LASSO (L1 regularization) and Ridge (L2 regularization) regression add a penalty term to the cost function that discourages large coefficients, effectively minimizing the number of parameters used. This is a mathematical implementation of Occam's Razor — encouraging the model to use only the most important features and remain simple.

Q11. First principle models differ from data-driven models in that:

  • A. First principle models can only be built with R, not Python
  • B. First principle models are based on theoretical understanding of the system; data-driven models are based on observed data correlations
  • C. Data-driven models always outperform first principle models
  • D. First principle models require no data at all
Show Answer

Answer: B

First principle models are based on a theoretical explanation of how the system works (like physical simulations or scientific formulas). Data-driven models are based on observed correlations in data (like regression models trained on historical data). Good models are typically a mixture of both — you use domain theory to design the model structure and data to fit the parameters.

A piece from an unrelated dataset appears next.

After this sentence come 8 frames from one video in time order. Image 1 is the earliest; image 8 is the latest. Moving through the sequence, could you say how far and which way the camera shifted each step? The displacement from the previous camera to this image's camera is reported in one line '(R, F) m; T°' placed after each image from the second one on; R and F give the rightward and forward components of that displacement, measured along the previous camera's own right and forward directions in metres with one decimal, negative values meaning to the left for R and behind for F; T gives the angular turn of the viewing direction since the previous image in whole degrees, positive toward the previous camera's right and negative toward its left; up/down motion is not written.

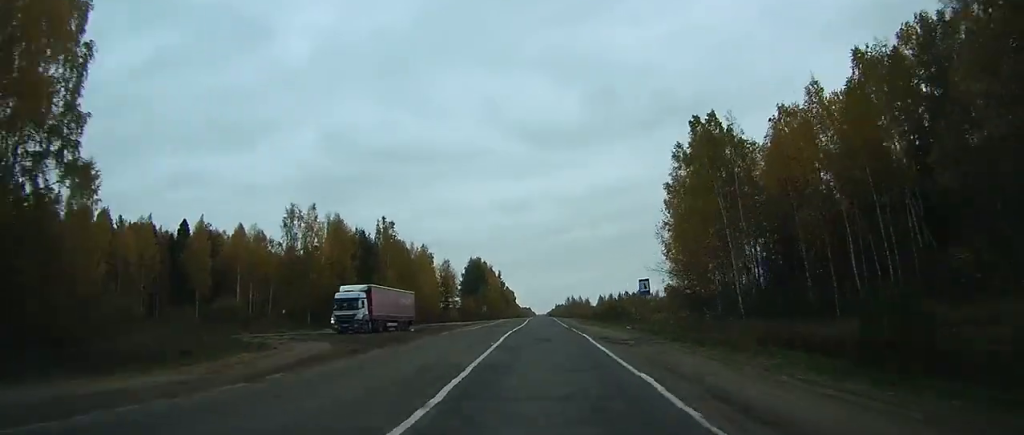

Q12. Good forecasting models should produce:

  • A. A single deterministic prediction (the most likely outcome)
  • B. A probability distribution over all possible outcomes
  • C. Only binary yes/no predictions
  • D. A prediction only when confidence is above 99%
Show Answer

Answer: B

Demanding a single deterministic prediction from a model is a "fool's errand." Good forecasting models produce a probability distribution over all possible events. Properties of valid probabilities: they sum to 1, are never negative, and rare events get small but non-zero probabilities. This captures uncertainty honestly rather than pretending certainty.